Do you mean the two genealogies of Christ? one as per Joe and that other as per Mary?
Yes. The gospels don't leave that as an option. Even if we allow it as a get-out, it doesn't work.
My own writing copied and pasted from a thread on JWS forum...
Matthew’s list contains 28 names including David and (step-dad) Joseph. Luke’s contains 42 names including David and Joseph and apart from these two individuals only two more names match in these lists.
Some biblical apologists have attempted to reconcile these lists by claiming that neither list actually attempts to give full accounts. The terms “son of” and “begat” don’t mean a direct father-son relationship but if we put the overlapping lists together we get a fuller genealogy of Jesus. In other words Luke mentions people not mentioned in Matthew and vice-versa.
OK let’s take a closer look at this and see if it works. David lived in the 10th C. BC giving us about 1000 years between David and Jesus. As we said above Matthew gives us 28 names and Luke gives us 42. This works out at an average of 35 years per generation according to Matthew and only 23 years according to Luke. If we combine them and are careful not to count the names that appear in both lists twice that gives us a minimum of 67 generations and a time span of only 14 years per generation. This also assumes the unlikely factor of every one being a first-born and that there are no other names that both Matthew and Luke forgot to include. This is an impossible explanation.

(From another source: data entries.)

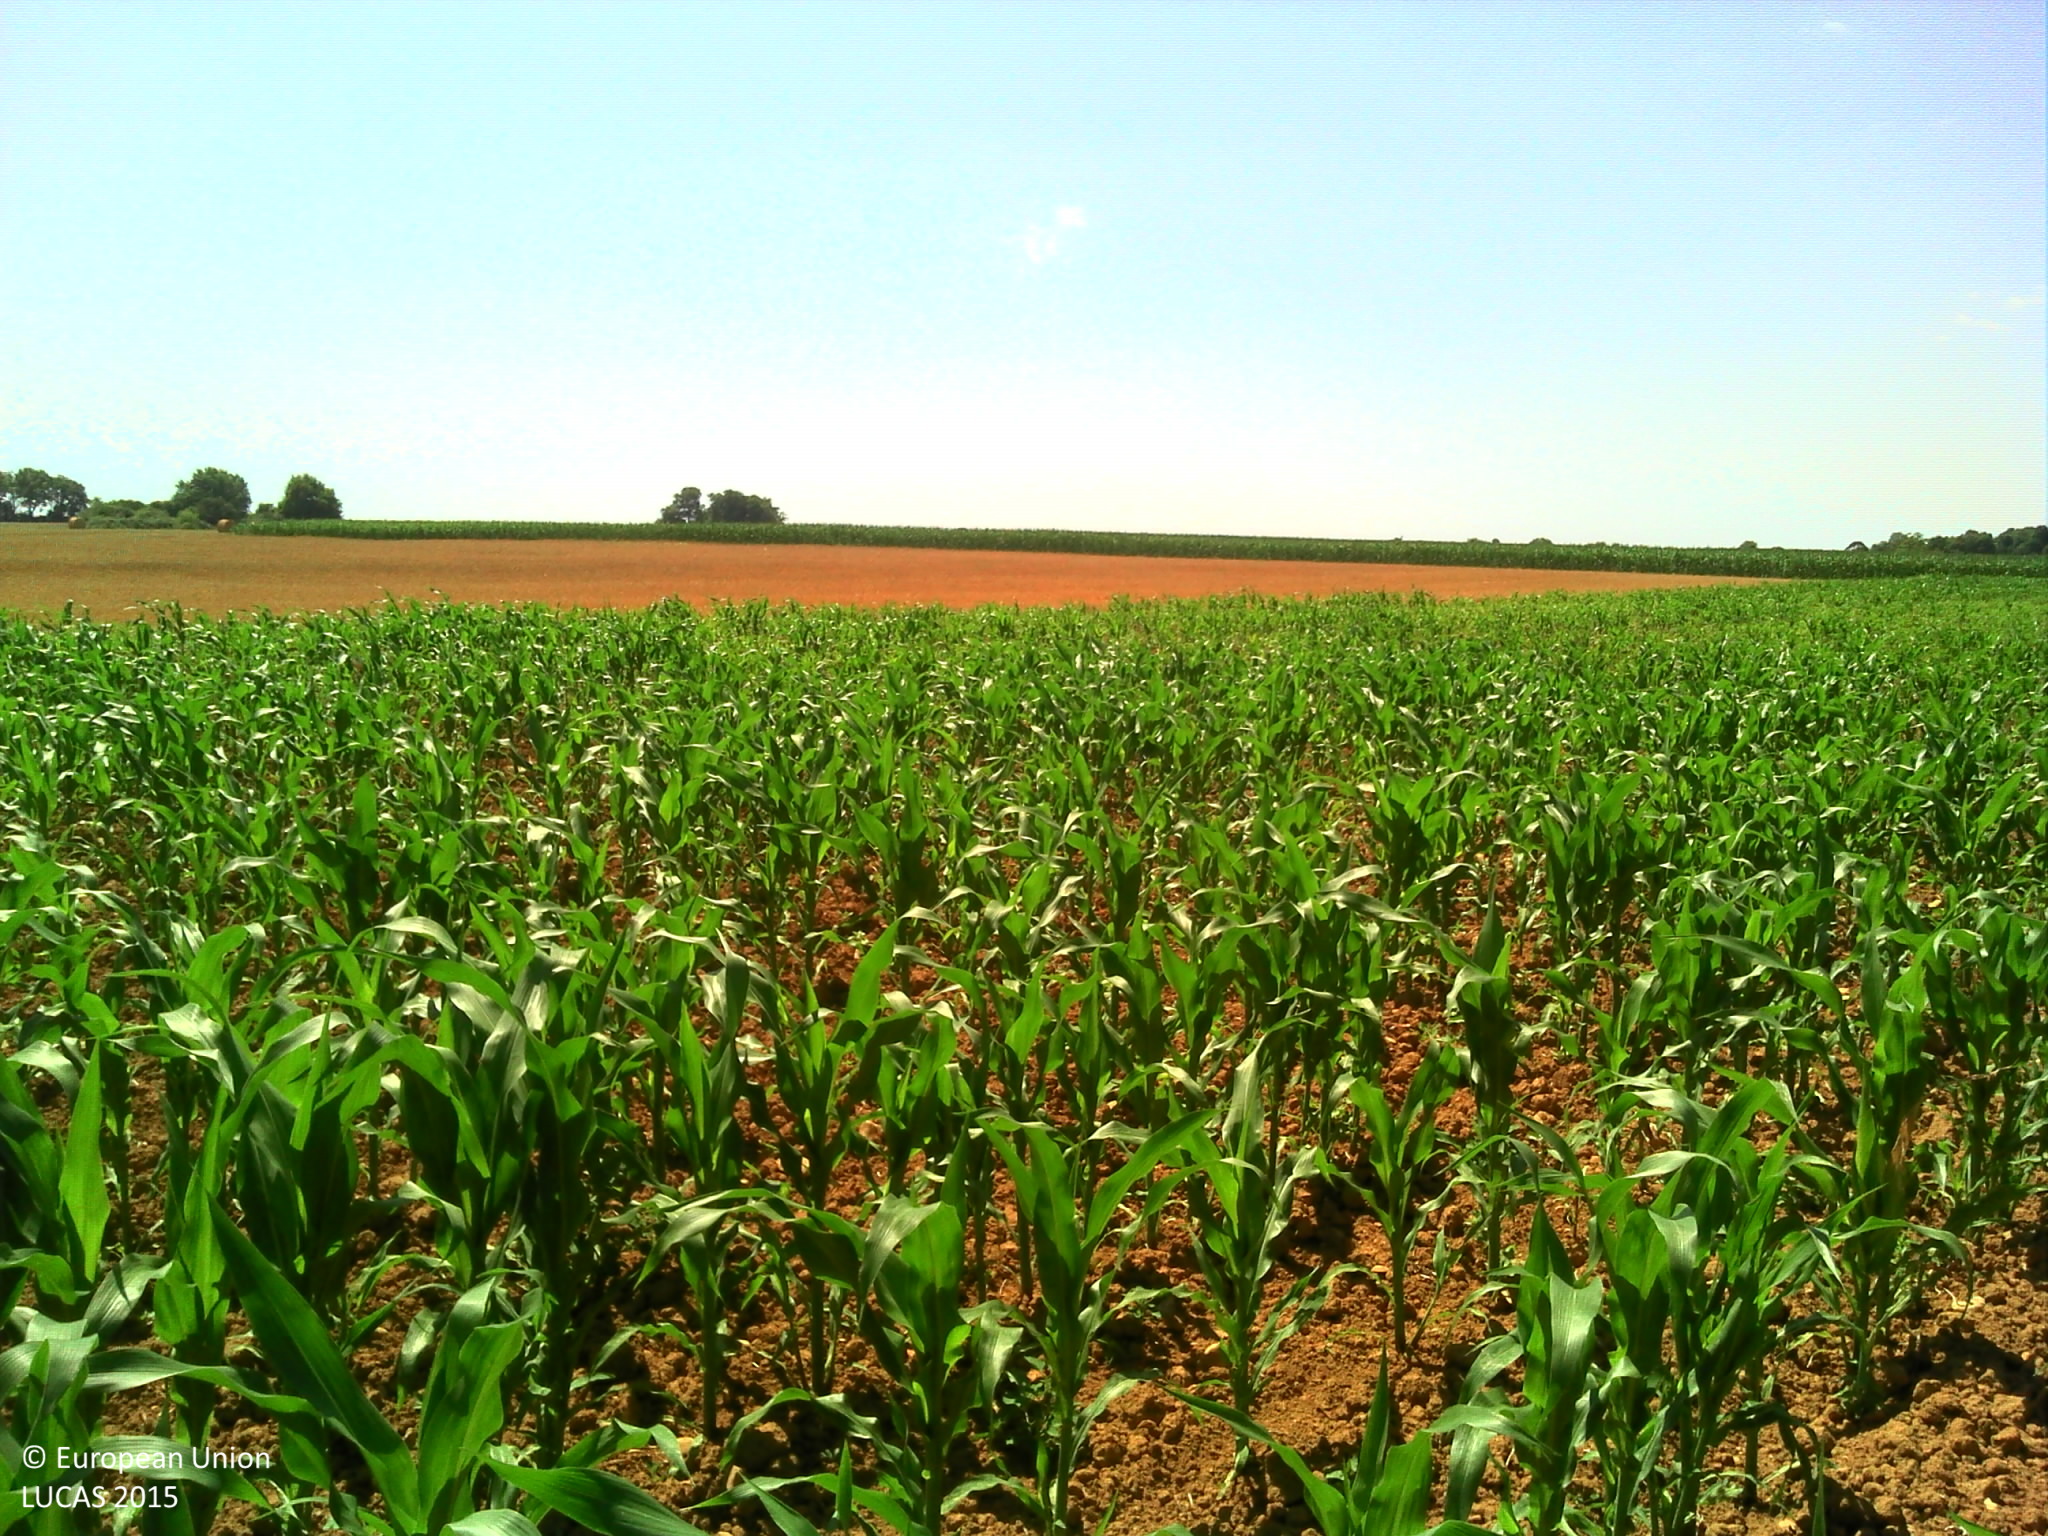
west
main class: Cropland
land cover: Maize
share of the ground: > 75 %
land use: Agriculture (excluding fallow land and kitchen gardens)
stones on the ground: < 10 %
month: July
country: FR
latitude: 46.4718
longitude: -1.3533
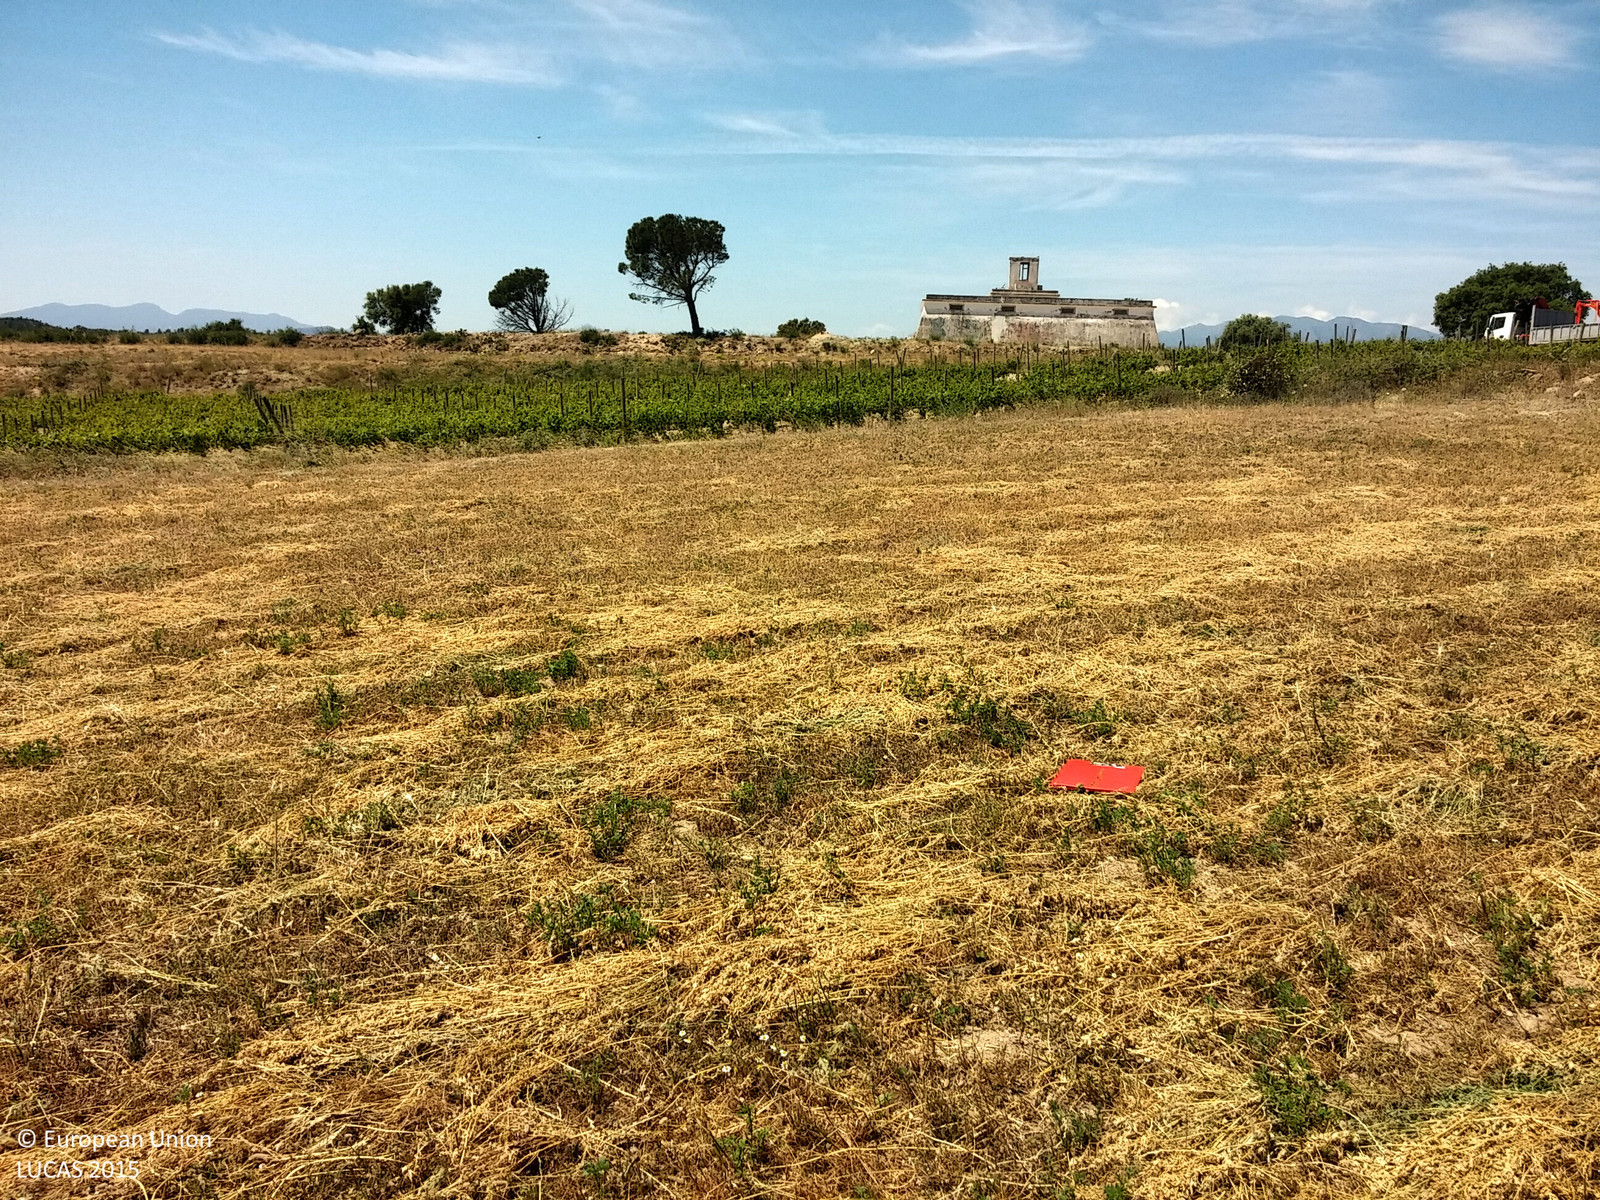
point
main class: Cropland
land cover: Lucerne
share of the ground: > 75 %
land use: Agriculture (excluding fallow land and kitchen gardens)
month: May
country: ES
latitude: 42.3742
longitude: 2.9822
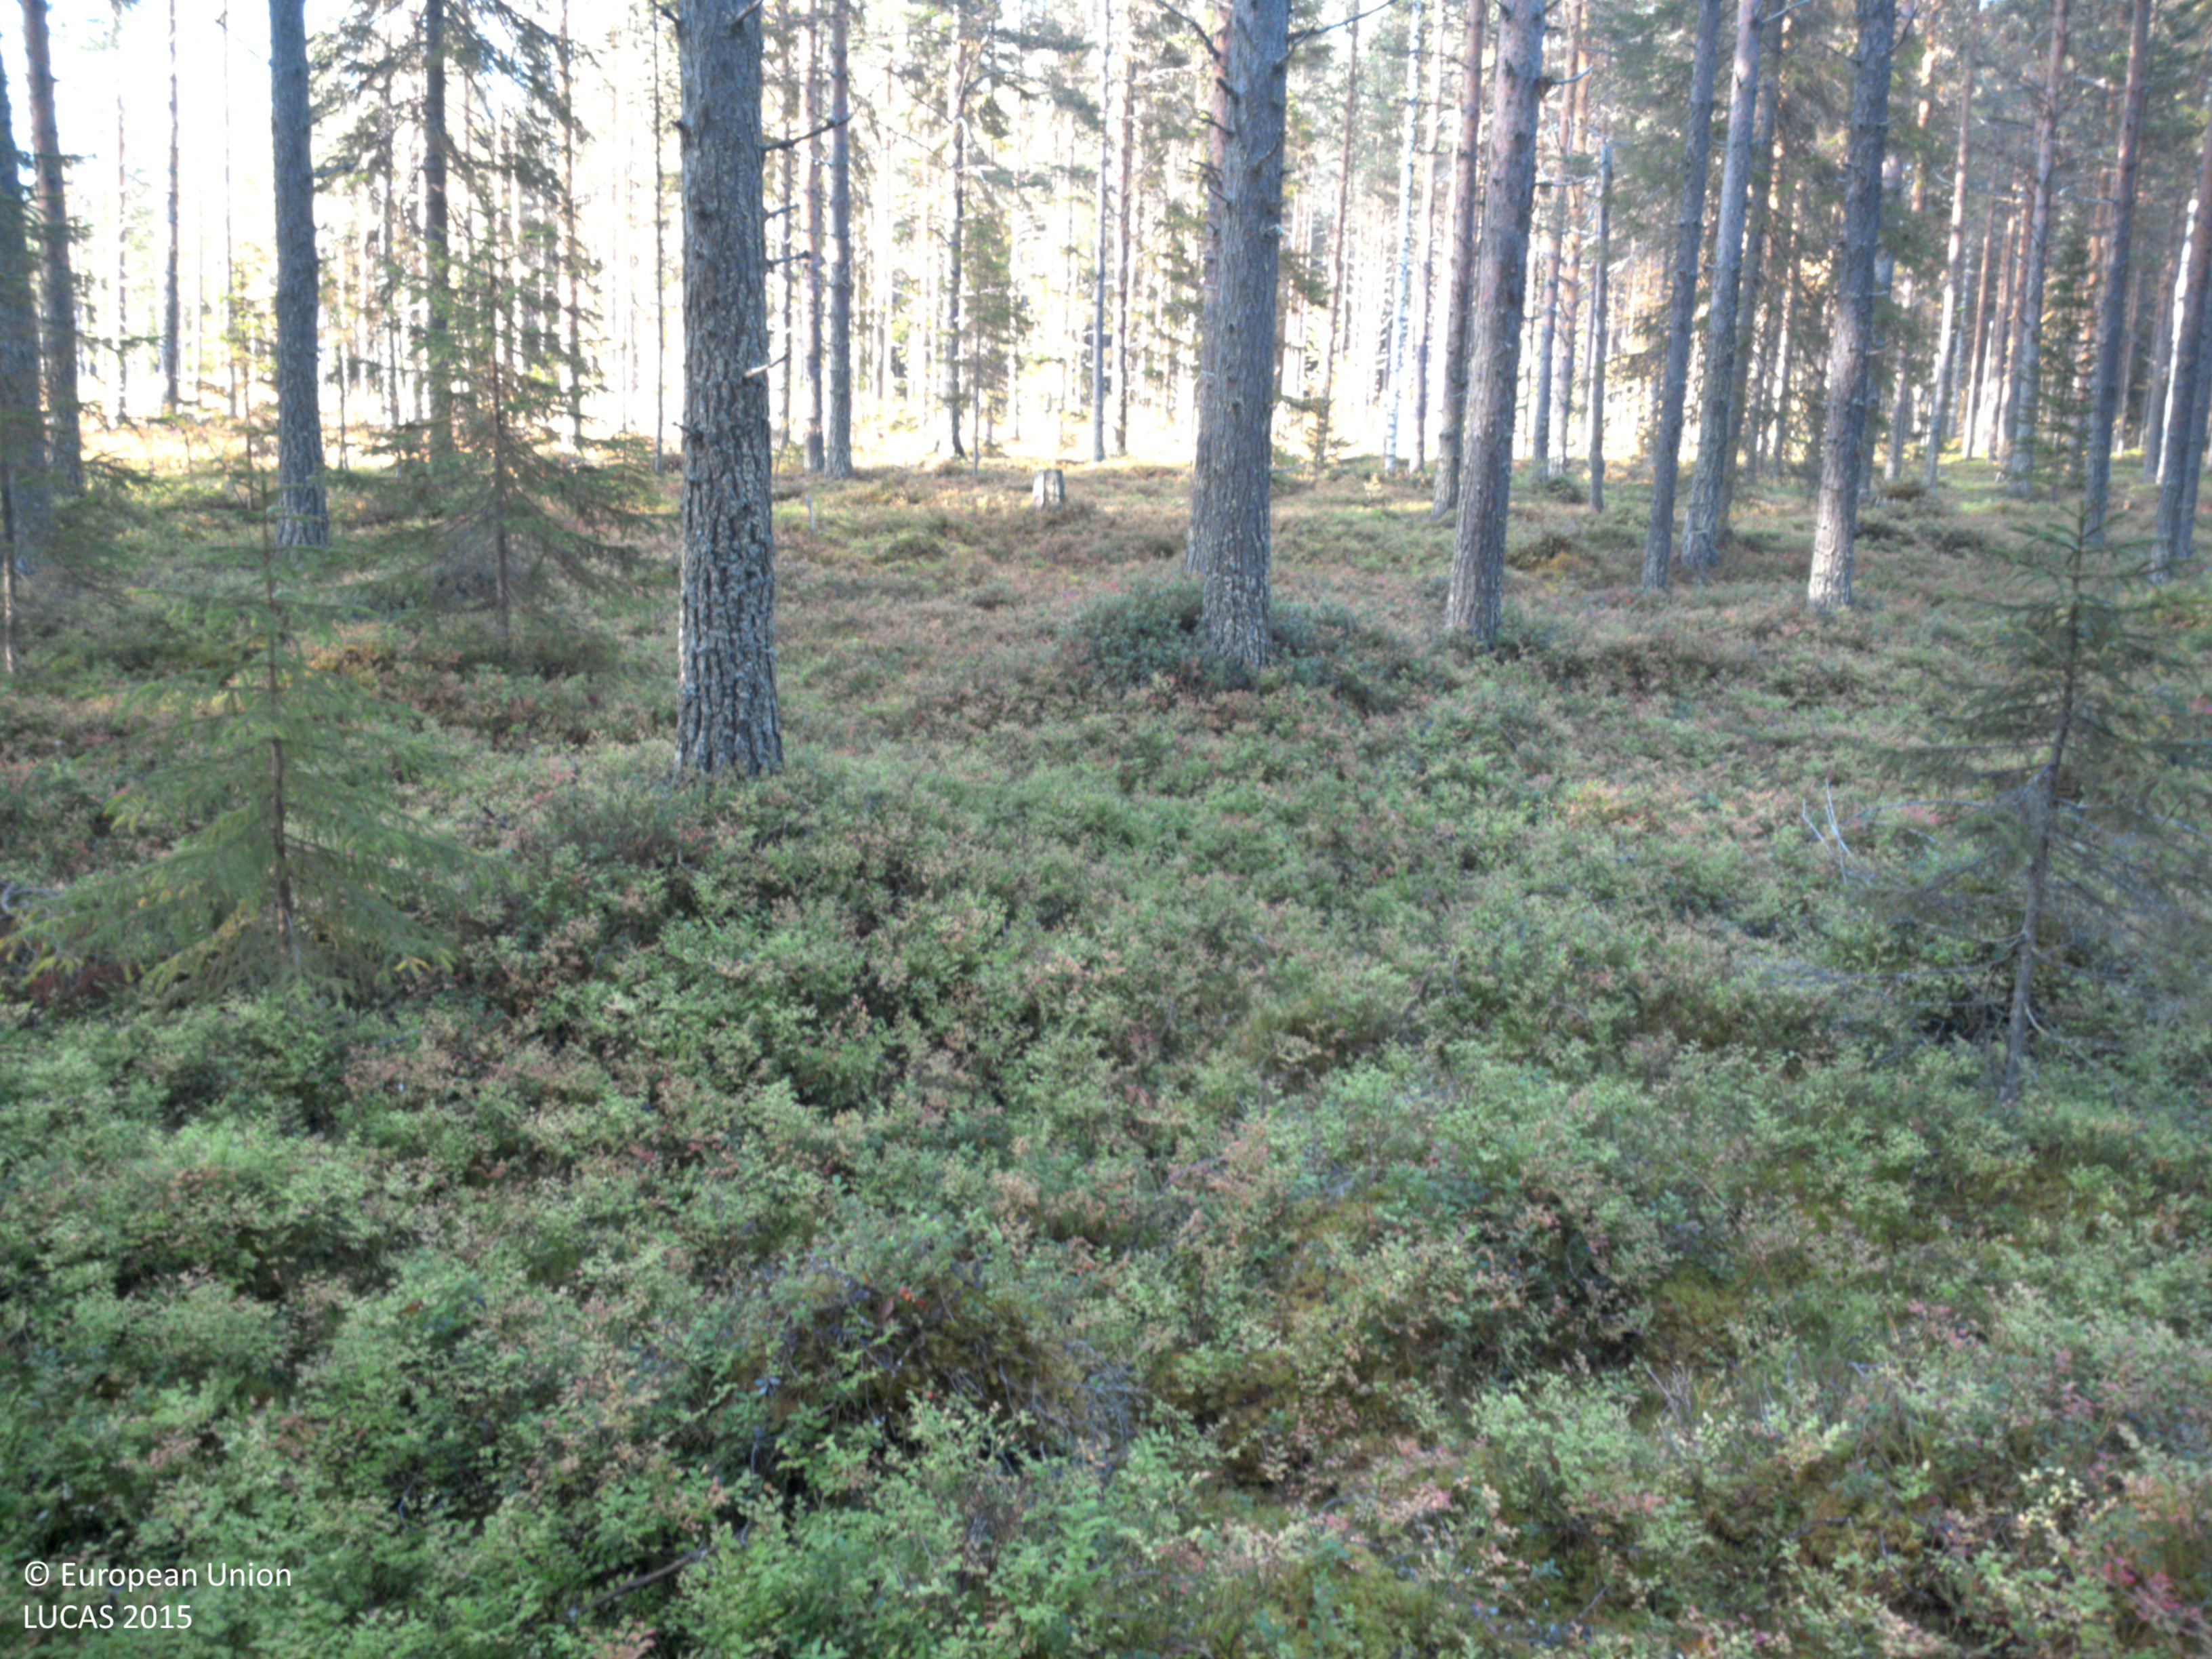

However Matthew does not actually allow us this generous explanation. He says emphatically…
“Thus there were fourteen generations in all from Abraham to David, fourteen from David to the exile to Babylon, and fourteen from the exile to the Christ". Matt 1:17
So according to Matthew there were only 28 generations between David and Jesus. So even allowing for the possibility of some individuals having more than one name Luke’s 42 generations cannot be reconciled with this plain statement of Matthew.
2 Sam 7:12 said “When your days are over and you rest with your fathers, I will raise up your offspring to succeed you, who will come from your own body, and I will establish his kingdom.”
Paul wrote in Romans1:3 concerning “…his Son, who as to his human nature was a descendant of David,”
And yet as we observed above there was no fleshly link at all between David and Jesus if we are to take the virgin birth story literally.
Other apologists have proposed that one list traces the genealogy through Joseph and one through Mary. This is flatly contradicted by both gospels.
“..and Jacob the father of Joseph, the husband of Mary, of whom was born Jesus, who is called Christ.” – Matt 1:16
“Now Jesus himself was about thirty years old when he began his ministry. He was the son, so it was thought, of Joseph, the son of Heli,” – Luke 3:23
Notice by the way that they can’t even agree on the name of Joseph’s dad, typically Matthew wants to make an OT parallel and so of course Joseph has to be the son of Jacob!
The two names that do correspond in the list also rule against this idea. If the two lists are the separate genealogies of two people they don’t get to merge at random points in this way.